Formalizing Agent Evolution and Decoding Scaling Laws

Today’s batch highlights a shift toward rigorous infrastructure for AI agents, moving beyond simple prompting to systematic skill optimization and memory auditing. We also see a compelling attempt to ground scaling laws in information theory, moving past empirical curve-fitting.

SkillOpt: Executive Strategy for Self-Evolving Agent Skills

Yang et al. · [abs] [pdf]

SkillOpt treats agent skills as a trainable external state rather than ephemeral prompts, using a dedicated optimizer model to perform controlled add/delete/replace edits on skills based on rollout performance. This frames skill evolution as a systematic optimization process rather than heuristic self-revision. It successfully improves agent performance over multiple iterations by maintaining structured, version-controlled procedural knowledge.
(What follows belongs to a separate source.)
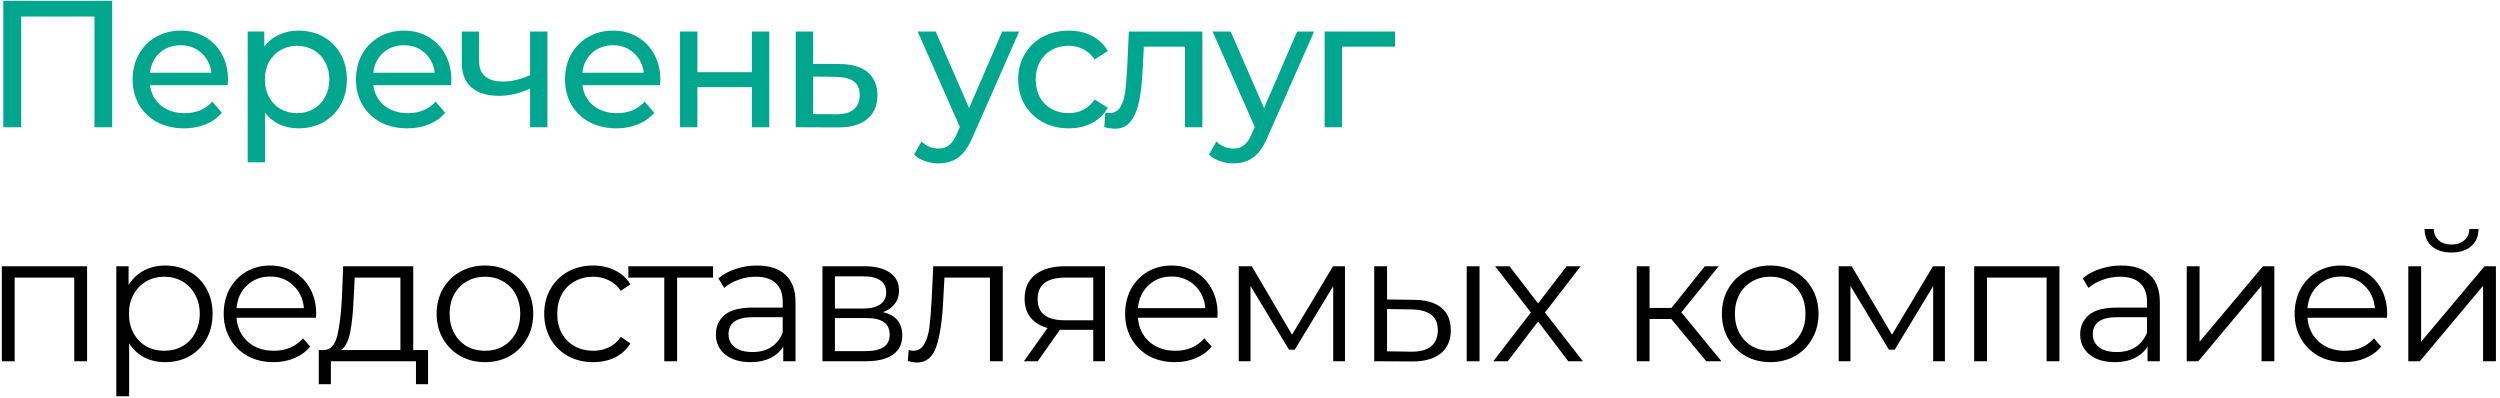 <?xml version="1.0" encoding="UTF-8"?> <svg xmlns="http://www.w3.org/2000/svg" width="609" height="97" viewBox="0 0 609 97" fill="none"> <path d="M27.328 0.2V31H23.016V4.028H5.152V31H0.796V0.2H27.328ZM55.545 19.472C55.545 19.795 55.515 20.22 55.457 20.748H36.537C36.801 22.801 37.695 24.459 39.221 25.72C40.775 26.952 42.697 27.568 44.985 27.568C47.771 27.568 50.015 26.629 51.717 24.752L54.049 27.48C52.993 28.712 51.673 29.651 50.089 30.296C48.534 30.941 46.789 31.264 44.853 31.264C42.389 31.264 40.203 30.765 38.297 29.768C36.39 28.741 34.909 27.319 33.853 25.5C32.826 23.681 32.313 21.628 32.313 19.34C32.313 17.081 32.811 15.043 33.809 13.224C34.835 11.405 36.229 9.997 37.989 9C39.778 7.973 41.787 7.46 44.017 7.46C46.246 7.46 48.226 7.973 49.957 9C51.717 9.997 53.081 11.405 54.049 13.224C55.046 15.043 55.545 17.125 55.545 19.472ZM44.017 11.024C41.993 11.024 40.291 11.64 38.913 12.872C37.563 14.104 36.771 15.717 36.537 17.712H51.497C51.262 15.747 50.455 14.148 49.077 12.916C47.727 11.655 46.041 11.024 44.017 11.024ZM72.702 7.46C74.96 7.46 76.984 7.959 78.774 8.956C80.563 9.953 81.956 11.347 82.954 13.136C83.98 14.925 84.494 16.993 84.494 19.34C84.494 21.687 83.98 23.769 82.954 25.588C81.956 27.377 80.563 28.771 78.774 29.768C76.984 30.765 74.96 31.264 72.702 31.264C71.03 31.264 69.49 30.941 68.082 30.296C66.703 29.651 65.53 28.712 64.562 27.48V39.536H60.338V7.68H64.386V11.376C65.324 10.085 66.512 9.117 67.95 8.472C69.387 7.797 70.971 7.46 72.702 7.46ZM72.35 27.568C73.846 27.568 75.18 27.231 76.354 26.556C77.556 25.852 78.495 24.884 79.17 23.652C79.874 22.391 80.226 20.953 80.226 19.34C80.226 17.727 79.874 16.304 79.17 15.072C78.495 13.811 77.556 12.843 76.354 12.168C75.18 11.493 73.846 11.156 72.35 11.156C70.883 11.156 69.548 11.508 68.346 12.212C67.172 12.887 66.234 13.84 65.53 15.072C64.855 16.304 64.518 17.727 64.518 19.34C64.518 20.953 64.855 22.391 65.53 23.652C66.204 24.884 67.143 25.852 68.346 26.556C69.548 27.231 70.883 27.568 72.35 27.568ZM109.947 19.472C109.947 19.795 109.917 20.22 109.859 20.748H90.939C91.203 22.801 92.097 24.459 93.623 25.72C95.177 26.952 97.099 27.568 99.387 27.568C102.173 27.568 104.417 26.629 106.119 24.752L108.451 27.48C107.395 28.712 106.075 29.651 104.491 30.296C102.936 30.941 101.191 31.264 99.255 31.264C96.791 31.264 94.605 30.765 92.699 29.768C90.792 28.741 89.311 27.319 88.255 25.5C87.228 23.681 86.715 21.628 86.715 19.34C86.715 17.081 87.213 15.043 88.211 13.224C89.237 11.405 90.631 9.997 92.391 9C94.18 7.973 96.189 7.46 98.419 7.46C100.648 7.46 102.628 7.973 104.359 9C106.119 9.997 107.483 11.405 108.451 13.224C109.448 15.043 109.947 17.125 109.947 19.472ZM98.419 11.024C96.395 11.024 94.693 11.64 93.315 12.872C91.965 14.104 91.173 15.717 90.939 17.712H105.899C105.664 15.747 104.857 14.148 103.479 12.916C102.129 11.655 100.443 11.024 98.419 11.024ZM133.352 7.68V31H129.127V21.584C126.605 22.757 124.097 23.344 121.603 23.344C118.699 23.344 116.455 22.669 114.871 21.32C113.287 19.971 112.495 17.947 112.495 15.248V7.68H116.719V14.984C116.719 16.597 117.218 17.815 118.215 18.636C119.242 19.457 120.665 19.868 122.484 19.868C124.537 19.868 126.751 19.355 129.127 18.328V7.68H133.352ZM160.868 19.472C160.868 19.795 160.839 20.22 160.78 20.748H141.86C142.124 22.801 143.019 24.459 144.544 25.72C146.099 26.952 148.02 27.568 150.308 27.568C153.095 27.568 155.339 26.629 157.04 24.752L159.372 27.48C158.316 28.712 156.996 29.651 155.412 30.296C153.857 30.941 152.112 31.264 150.176 31.264C147.712 31.264 145.527 30.765 143.62 29.768C141.713 28.741 140.232 27.319 139.176 25.5C138.149 23.681 137.636 21.628 137.636 19.34C137.636 17.081 138.135 15.043 139.132 13.224C140.159 11.405 141.552 9.997 143.312 9C145.101 7.973 147.111 7.46 149.34 7.46C151.569 7.46 153.549 7.973 155.28 9C157.04 9.997 158.404 11.405 159.372 13.224C160.369 15.043 160.868 17.125 160.868 19.472ZM149.34 11.024C147.316 11.024 145.615 11.64 144.236 12.872C142.887 14.104 142.095 15.717 141.86 17.712H156.82C156.585 15.747 155.779 14.148 154.4 12.916C153.051 11.655 151.364 11.024 149.34 11.024ZM165.661 7.68H169.885V17.58H183.173V7.68H187.397V31H183.173V21.232H169.885V31H165.661V7.68ZM204.63 15.6C207.593 15.629 209.851 16.304 211.406 17.624C212.961 18.944 213.738 20.807 213.738 23.212C213.738 25.735 212.887 27.685 211.186 29.064C209.514 30.413 207.109 31.073 203.97 31.044L193.85 31V7.68H198.074V15.556L204.63 15.6ZM203.618 27.832C205.525 27.861 206.962 27.48 207.93 26.688C208.927 25.896 209.426 24.723 209.426 23.168C209.426 21.643 208.942 20.528 207.974 19.824C207.035 19.12 205.583 18.753 203.618 18.724L198.074 18.636V27.788L203.618 27.832ZM248.267 7.68L236.959 33.332C235.962 35.708 234.788 37.38 233.439 38.348C232.119 39.316 230.52 39.8 228.643 39.8C227.499 39.8 226.384 39.609 225.299 39.228C224.243 38.876 223.363 38.348 222.659 37.644L224.463 34.476C225.666 35.62 227.059 36.192 228.643 36.192C229.67 36.192 230.52 35.913 231.195 35.356C231.899 34.828 232.53 33.904 233.087 32.584L233.835 30.956L223.539 7.68H227.939L236.079 26.336L244.131 7.68H248.267ZM260.351 31.264C257.975 31.264 255.849 30.751 253.971 29.724C252.123 28.697 250.671 27.289 249.615 25.5C248.559 23.681 248.031 21.628 248.031 19.34C248.031 17.052 248.559 15.013 249.615 13.224C250.671 11.405 252.123 9.997 253.971 9C255.849 7.973 257.975 7.46 260.351 7.46C262.463 7.46 264.341 7.885 265.983 8.736C267.655 9.587 268.946 10.819 269.855 12.432L266.643 14.5C265.91 13.385 265.001 12.549 263.915 11.992C262.83 11.435 261.627 11.156 260.307 11.156C258.782 11.156 257.403 11.493 256.171 12.168C254.969 12.843 254.015 13.811 253.311 15.072C252.637 16.304 252.299 17.727 252.299 19.34C252.299 20.983 252.637 22.435 253.311 23.696C254.015 24.928 254.969 25.881 256.171 26.556C257.403 27.231 258.782 27.568 260.307 27.568C261.627 27.568 262.83 27.289 263.915 26.732C265.001 26.175 265.91 25.339 266.643 24.224L269.855 26.248C268.946 27.861 267.655 29.108 265.983 29.988C264.341 30.839 262.463 31.264 260.351 31.264ZM292.897 7.68V31H288.673V11.376H278.641L278.377 16.568C278.23 19.707 277.951 22.332 277.541 24.444C277.13 26.527 276.455 28.199 275.517 29.46C274.578 30.721 273.273 31.352 271.601 31.352C270.838 31.352 269.973 31.22 269.005 30.956L269.269 27.392C269.65 27.48 270.002 27.524 270.325 27.524C271.498 27.524 272.378 27.011 272.965 25.984C273.551 24.957 273.933 23.74 274.109 22.332C274.285 20.924 274.446 18.915 274.593 16.304L274.989 7.68H292.897ZM320.116 7.68L308.808 33.332C307.811 35.708 306.637 37.38 305.288 38.348C303.968 39.316 302.369 39.8 300.492 39.8C299.348 39.8 298.233 39.609 297.148 39.228C296.092 38.876 295.212 38.348 294.508 37.644L296.312 34.476C297.515 35.62 298.908 36.192 300.492 36.192C301.519 36.192 302.369 35.913 303.044 35.356C303.748 34.828 304.379 33.904 304.936 32.584L305.684 30.956L295.388 7.68H299.788L307.928 26.336L315.98 7.68H320.116ZM339.841 11.376H326.905V31H322.681V7.68H339.841V11.376Z" fill="#00A68E"></path> <path d="M21.212 64.856V88H18.088V67.628H3.568V88H0.444V64.856H21.212ZM40.256 64.68C42.427 64.68 44.392 65.179 46.152 66.176C47.912 67.144 49.291 68.523 50.288 70.312C51.286 72.101 51.784 74.14 51.784 76.428C51.784 78.745 51.286 80.799 50.288 82.588C49.291 84.377 47.912 85.771 46.152 86.768C44.422 87.736 42.456 88.22 40.256 88.22C38.379 88.22 36.678 87.839 35.152 87.076C33.656 86.284 32.424 85.14 31.456 83.644V96.536H28.332V64.856H31.324V69.432C32.263 67.907 33.495 66.733 35.02 65.912C36.575 65.091 38.32 64.68 40.256 64.68ZM40.036 85.448C41.65 85.448 43.116 85.081 44.436 84.348C45.756 83.585 46.783 82.515 47.516 81.136C48.279 79.757 48.66 78.188 48.66 76.428C48.66 74.668 48.279 73.113 47.516 71.764C46.783 70.385 45.756 69.315 44.436 68.552C43.116 67.789 41.65 67.408 40.036 67.408C38.394 67.408 36.912 67.789 35.592 68.552C34.302 69.315 33.275 70.385 32.512 71.764C31.779 73.113 31.412 74.668 31.412 76.428C31.412 78.188 31.779 79.757 32.512 81.136C33.275 82.515 34.302 83.585 35.592 84.348C36.912 85.081 38.394 85.448 40.036 85.448ZM76.977 77.396H57.617C57.792 79.801 58.717 81.752 60.389 83.248C62.06 84.715 64.172 85.448 66.725 85.448C68.162 85.448 69.482 85.199 70.684 84.7C71.887 84.172 72.928 83.409 73.808 82.412L75.569 84.436C74.542 85.668 73.251 86.607 71.697 87.252C70.171 87.897 68.484 88.22 66.636 88.22C64.26 88.22 62.148 87.721 60.3 86.724C58.482 85.697 57.059 84.289 56.032 82.5C55.006 80.711 54.492 78.687 54.492 76.428C54.492 74.169 54.977 72.145 55.944 70.356C56.942 68.567 58.291 67.173 59.992 66.176C61.723 65.179 63.659 64.68 65.8 64.68C67.942 64.68 69.863 65.179 71.564 66.176C73.266 67.173 74.6 68.567 75.569 70.356C76.537 72.116 77.02 74.14 77.02 76.428L76.977 77.396ZM65.8 67.364C63.571 67.364 61.694 68.083 60.169 69.52C58.672 70.928 57.822 72.776 57.617 75.064H74.028C73.823 72.776 72.958 70.928 71.433 69.52C69.936 68.083 68.059 67.364 65.8 67.364ZM104.275 85.272V93.588H101.327V88H80.603V93.588H77.655V85.272H78.975C80.53 85.184 81.586 84.04 82.143 81.84C82.7 79.64 83.082 76.56 83.287 72.6L83.595 64.856H100.667V85.272H104.275ZM86.147 72.776C86 76.061 85.722 78.775 85.311 80.916C84.9 83.028 84.167 84.48 83.111 85.272H97.543V67.628H86.411L86.147 72.776ZM118.151 88.22C115.922 88.22 113.913 87.721 112.123 86.724C110.334 85.697 108.926 84.289 107.899 82.5C106.873 80.711 106.359 78.687 106.359 76.428C106.359 74.169 106.873 72.145 107.899 70.356C108.926 68.567 110.334 67.173 112.123 66.176C113.913 65.179 115.922 64.68 118.151 64.68C120.381 64.68 122.39 65.179 124.179 66.176C125.969 67.173 127.362 68.567 128.359 70.356C129.386 72.145 129.899 74.169 129.899 76.428C129.899 78.687 129.386 80.711 128.359 82.5C127.362 84.289 125.969 85.697 124.179 86.724C122.39 87.721 120.381 88.22 118.151 88.22ZM118.151 85.448C119.794 85.448 121.261 85.081 122.551 84.348C123.871 83.585 124.898 82.515 125.631 81.136C126.365 79.757 126.731 78.188 126.731 76.428C126.731 74.668 126.365 73.099 125.631 71.72C124.898 70.341 123.871 69.285 122.551 68.552C121.261 67.789 119.794 67.408 118.151 67.408C116.509 67.408 115.027 67.789 113.707 68.552C112.417 69.285 111.39 70.341 110.627 71.72C109.894 73.099 109.527 74.668 109.527 76.428C109.527 78.188 109.894 79.757 110.627 81.136C111.39 82.515 112.417 83.585 113.707 84.348C115.027 85.081 116.509 85.448 118.151 85.448ZM144.496 88.22C142.208 88.22 140.155 87.721 138.336 86.724C136.547 85.727 135.139 84.333 134.112 82.544C133.085 80.725 132.572 78.687 132.572 76.428C132.572 74.169 133.085 72.145 134.112 70.356C135.139 68.567 136.547 67.173 138.336 66.176C140.155 65.179 142.208 64.68 144.496 64.68C146.491 64.68 148.265 65.076 149.82 65.868C151.404 66.631 152.651 67.76 153.56 69.256L151.228 70.84C150.465 69.696 149.497 68.845 148.324 68.288C147.151 67.701 145.875 67.408 144.496 67.408C142.824 67.408 141.313 67.789 139.964 68.552C138.644 69.285 137.603 70.341 136.84 71.72C136.107 73.099 135.74 74.668 135.74 76.428C135.74 78.217 136.107 79.801 136.84 81.18C137.603 82.529 138.644 83.585 139.964 84.348C141.313 85.081 142.824 85.448 144.496 85.448C145.875 85.448 147.151 85.169 148.324 84.612C149.497 84.055 150.465 83.204 151.228 82.06L153.56 83.644C152.651 85.14 151.404 86.284 149.82 87.076C148.236 87.839 146.461 88.22 144.496 88.22ZM173.699 67.628H164.943V88H161.819V67.628H153.063V64.856H173.699V67.628ZM184.42 64.68C187.441 64.68 189.759 65.443 191.372 66.968C192.985 68.464 193.792 70.693 193.792 73.656V88H190.8V84.392C190.096 85.595 189.055 86.533 187.676 87.208C186.327 87.883 184.713 88.22 182.836 88.22C180.255 88.22 178.201 87.604 176.676 86.372C175.151 85.14 174.388 83.512 174.388 81.488C174.388 79.523 175.092 77.939 176.5 76.736C177.937 75.533 180.211 74.932 183.32 74.932H190.668V73.524C190.668 71.529 190.111 70.019 188.996 68.992C187.881 67.936 186.253 67.408 184.112 67.408C182.645 67.408 181.237 67.657 179.888 68.156C178.539 68.625 177.38 69.285 176.412 70.136L175.004 67.804C176.177 66.807 177.585 66.044 179.228 65.516C180.871 64.959 182.601 64.68 184.42 64.68ZM183.32 85.756C185.08 85.756 186.591 85.36 187.852 84.568C189.113 83.747 190.052 82.573 190.668 81.048V77.264H183.408C179.448 77.264 177.468 78.643 177.468 81.4C177.468 82.749 177.981 83.82 179.008 84.612C180.035 85.375 181.472 85.756 183.32 85.756ZM215.088 76.032C218.227 76.765 219.796 78.657 219.796 81.708C219.796 83.732 219.048 85.287 217.552 86.372C216.056 87.457 213.827 88 210.864 88H200.348V64.856H210.556C213.196 64.856 215.264 65.369 216.76 66.396C218.256 67.423 219.004 68.889 219.004 70.796C219.004 72.057 218.652 73.143 217.948 74.052C217.274 74.932 216.32 75.592 215.088 76.032ZM203.384 75.152H210.336C212.126 75.152 213.49 74.815 214.428 74.14C215.396 73.465 215.88 72.483 215.88 71.192C215.88 69.901 215.396 68.933 214.428 68.288C213.49 67.643 212.126 67.32 210.336 67.32H203.384V75.152ZM210.732 85.536C212.727 85.536 214.223 85.213 215.22 84.568C216.218 83.923 216.716 82.911 216.716 81.532C216.716 80.153 216.262 79.141 215.352 78.496C214.443 77.821 213.006 77.484 211.04 77.484H203.384V85.536H210.732ZM244.278 64.856V88H241.154V67.628H230.066L229.758 73.348C229.523 78.159 228.966 81.855 228.086 84.436C227.206 87.017 225.637 88.308 223.378 88.308C222.762 88.308 222.014 88.191 221.134 87.956L221.354 85.272C221.882 85.389 222.249 85.448 222.454 85.448C223.657 85.448 224.566 84.891 225.182 83.776C225.798 82.661 226.209 81.283 226.414 79.64C226.619 77.997 226.795 75.827 226.942 73.128L227.338 64.856H244.278ZM269.175 64.856V88H266.315V80.344H259.055H258.175L252.807 88H249.419L255.183 79.904C253.393 79.405 252.015 78.555 251.047 77.352C250.079 76.149 249.595 74.624 249.595 72.776C249.595 70.195 250.475 68.229 252.235 66.88C253.995 65.531 256.4 64.856 259.451 64.856H269.175ZM252.763 72.864C252.763 76.296 254.948 78.012 259.319 78.012H266.315V67.628H259.539C255.021 67.628 252.763 69.373 252.763 72.864ZM296.562 77.396H277.202C277.378 79.801 278.302 81.752 279.974 83.248C281.646 84.715 283.758 85.448 286.31 85.448C287.748 85.448 289.068 85.199 290.27 84.7C291.473 84.172 292.514 83.409 293.394 82.412L295.154 84.436C294.128 85.668 292.837 86.607 291.282 87.252C289.757 87.897 288.07 88.22 286.222 88.22C283.846 88.22 281.734 87.721 279.886 86.724C278.068 85.697 276.645 84.289 275.618 82.5C274.592 80.711 274.078 78.687 274.078 76.428C274.078 74.169 274.562 72.145 275.53 70.356C276.528 68.567 277.877 67.173 279.578 66.176C281.309 65.179 283.245 64.68 285.386 64.68C287.528 64.68 289.449 65.179 291.15 66.176C292.852 67.173 294.186 68.567 295.154 70.356C296.122 72.116 296.606 74.14 296.606 76.428L296.562 77.396ZM285.386 67.364C283.157 67.364 281.28 68.083 279.754 69.52C278.258 70.928 277.408 72.776 277.202 75.064H293.614C293.409 72.776 292.544 70.928 291.018 69.52C289.522 68.083 287.645 67.364 285.386 67.364ZM327.634 64.856V88H324.774V69.696L315.402 85.184H313.994L304.622 69.652V88H301.762V64.856H304.93L314.742 81.532L324.73 64.856H327.634ZM344.487 73.04C347.391 73.069 349.606 73.715 351.131 74.976C352.657 76.237 353.419 78.056 353.419 80.432C353.419 82.896 352.598 84.788 350.955 86.108C349.313 87.428 346.966 88.073 343.915 88.044L334.763 88V64.856H337.887V72.952L344.487 73.04ZM357.291 64.856H360.415V88H357.291V64.856ZM343.739 85.668C345.881 85.697 347.494 85.272 348.579 84.392C349.694 83.483 350.251 82.163 350.251 80.432C350.251 78.731 349.709 77.469 348.623 76.648C347.538 75.827 345.91 75.401 343.739 75.372L337.887 75.284V85.58L343.739 85.668ZM382.026 88L374.678 78.32L367.286 88H363.766L372.918 76.12L364.206 64.856H367.726L374.678 73.92L381.63 64.856H385.062L376.35 76.12L385.59 88H382.026ZM407.11 77.704H401.83V88H398.706V64.856H401.83V75.02H407.154L415.294 64.856H418.682L409.574 76.076L419.342 88H415.646L407.11 77.704ZM431.244 88.22C429.015 88.22 427.005 87.721 425.216 86.724C423.427 85.697 422.019 84.289 420.992 82.5C419.965 80.711 419.452 78.687 419.452 76.428C419.452 74.169 419.965 72.145 420.992 70.356C422.019 68.567 423.427 67.173 425.216 66.176C427.005 65.179 429.015 64.68 431.244 64.68C433.473 64.68 435.483 65.179 437.272 66.176C439.061 67.173 440.455 68.567 441.452 70.356C442.479 72.145 442.992 74.169 442.992 76.428C442.992 78.687 442.479 80.711 441.452 82.5C440.455 84.289 439.061 85.697 437.272 86.724C435.483 87.721 433.473 88.22 431.244 88.22ZM431.244 85.448C432.887 85.448 434.353 85.081 435.644 84.348C436.964 83.585 437.991 82.515 438.724 81.136C439.457 79.757 439.824 78.188 439.824 76.428C439.824 74.668 439.457 73.099 438.724 71.72C437.991 70.341 436.964 69.285 435.644 68.552C434.353 67.789 432.887 67.408 431.244 67.408C429.601 67.408 428.12 67.789 426.8 68.552C425.509 69.285 424.483 70.341 423.72 71.72C422.987 73.099 422.62 74.668 422.62 76.428C422.62 78.188 422.987 79.757 423.72 81.136C424.483 82.515 425.509 83.585 426.8 84.348C428.12 85.081 429.601 85.448 431.244 85.448ZM473.781 64.856V88H470.921V69.696L461.549 85.184H460.141L450.769 69.652V88H447.909V64.856H451.077L460.889 81.532L470.877 64.856H473.781ZM501.678 64.856V88H498.554V67.628H484.034V88H480.91V64.856H501.678ZM516.763 64.68C519.784 64.68 522.101 65.443 523.715 66.968C525.328 68.464 526.135 70.693 526.135 73.656V88H523.143V84.392C522.439 85.595 521.397 86.533 520.019 87.208C518.669 87.883 517.056 88.22 515.179 88.22C512.597 88.22 510.544 87.604 509.019 86.372C507.493 85.14 506.731 83.512 506.731 81.488C506.731 79.523 507.435 77.939 508.843 76.736C510.28 75.533 512.553 74.932 515.663 74.932H523.011V73.524C523.011 71.529 522.453 70.019 521.339 68.992C520.224 67.936 518.596 67.408 516.455 67.408C514.988 67.408 513.58 67.657 512.231 68.156C510.881 68.625 509.723 69.285 508.755 70.136L507.347 67.804C508.52 66.807 509.928 66.044 511.571 65.516C513.213 64.959 514.944 64.68 516.763 64.68ZM515.663 85.756C517.423 85.756 518.933 85.36 520.195 84.568C521.456 83.747 522.395 82.573 523.011 81.048V77.264H515.751C511.791 77.264 509.811 78.643 509.811 81.4C509.811 82.749 510.324 83.82 511.351 84.612C512.377 85.375 513.815 85.756 515.663 85.756ZM532.691 64.856H535.815V83.248L551.259 64.856H554.031V88H550.907V69.608L535.507 88H532.691V64.856ZM581.464 77.396H562.104C562.28 79.801 563.204 81.752 564.876 83.248C566.548 84.715 568.66 85.448 571.212 85.448C572.649 85.448 573.969 85.199 575.172 84.7C576.375 84.172 577.416 83.409 578.296 82.412L580.056 84.436C579.029 85.668 577.739 86.607 576.184 87.252C574.659 87.897 572.972 88.22 571.124 88.22C568.748 88.22 566.636 87.721 564.788 86.724C562.969 85.697 561.547 84.289 560.52 82.5C559.493 80.711 558.98 78.687 558.98 76.428C558.98 74.169 559.464 72.145 560.432 70.356C561.429 68.567 562.779 67.173 564.48 66.176C566.211 65.179 568.147 64.68 570.288 64.68C572.429 64.68 574.351 65.179 576.052 66.176C577.753 67.173 579.088 68.567 580.056 70.356C581.024 72.116 581.508 74.14 581.508 76.428L581.464 77.396ZM570.288 67.364C568.059 67.364 566.181 68.083 564.656 69.52C563.16 70.928 562.309 72.776 562.104 75.064H578.516C578.311 72.776 577.445 70.928 575.92 69.52C574.424 68.083 572.547 67.364 570.288 67.364ZM586.663 64.856H589.787V83.248L605.231 64.856H608.003V88H604.879V69.608L589.479 88H586.663V64.856ZM597.179 61.512C595.185 61.512 593.601 61.013 592.427 60.016C591.254 59.019 590.653 57.611 590.623 55.792H592.867C592.897 56.936 593.307 57.86 594.099 58.564C594.891 59.239 595.918 59.576 597.179 59.576C598.441 59.576 599.467 59.239 600.259 58.564C601.081 57.86 601.506 56.936 601.535 55.792H603.779C603.75 57.611 603.134 59.019 601.931 60.016C600.758 61.013 599.174 61.512 597.179 61.512Z" fill="black"></path> </svg>

↳ If you are building agents that need to get better at repetitive tasks, moving to explicit, optimized skill libraries is the next logical step beyond monolithic fine-tuning.

Agents Optimization Skills

LLMs as Noisy Channels: A Shannon Perspective on Model Capacity and Scaling Laws

Ouyang et al. · [abs] [pdf]

This work introduces the Shannon Scaling Law, mapping LLM training to information transmission over a noisy channel to explain non-monotonic phenomena like catastrophic overtraining. By treating model parameters as channel bandwidth and tokens as signal power, the authors provide a theoretical basis for performance degradation that standard power laws miss. It offers a more robust framework for predicting when adding compute becomes counterproductive.

↳ A rare piece of theory that actually explains real-world engineering headaches like quantization-induced degradation and compute-to-data scaling limits.

Theory Scaling Laws Information Theory

Agentic Proving for Program Verification

Sosso et al. · [abs] [pdf]

The authors apply an agentic approach using Claude Code to the CLEVER benchmark for Lean 4 program verification. They achieve a 98.8% specification generation rate and 87.5% success in verifying implementations against ground-truth specs. It demonstrates that agentic workflows are finally reliable enough to handle formal logic-heavy environments.

↳ Formal verification is the ultimate stress test for agents; these numbers suggest we are reaching a point where LLMs can serve as high-quality assistants for software engineers working in safety-critical domains.

Agents Formal Verification Coding

MemAudit: Post-hoc Auditing of Poisoned Agent Memory via Causal Attribution and Structural Anomaly Detection

Tan et al. · [abs] [pdf]

MemAudit provides a framework to detect and isolate malicious memory injections in LLM agents using causal attribution. Rather than relying on simple prompt filtering, it analyzes the agent’s memory bank to identify which specific records are steering problematic behavior. This is a necessary evolution in securing RAG and persistent-memory agent architectures.

↳ Security in agentic systems is currently the Wild West; post-hoc auditability is essential for any enterprise deployment involving long-term memory.

Security Agents Memory

CVSearch: Empowering Multimodal LLMs with Cognitive Visual Search for High-Resolution Image Perception

Li et al. · [abs] [pdf]

CVSearch proposes an adaptive, training-free ‘Assess-then-Search’ workflow to handle high-resolution inputs in MLLMs. By dynamically deciding when to use visual experts versus scanning, it avoids the typical trade-off between computational redundancy and semantic fragmentation. It is an efficient, plug-and-play solution for models struggling with dense visual detail.

↳ Moving high-res perception from ‘just throw more tokens at it’ to a selective search paradigm is vital for efficiency in embodied AI.

Vision-Language Efficiency

Back to the terminal. The theory is nice, but I’m looking forward to seeing if SkillOpt holds up in production environments.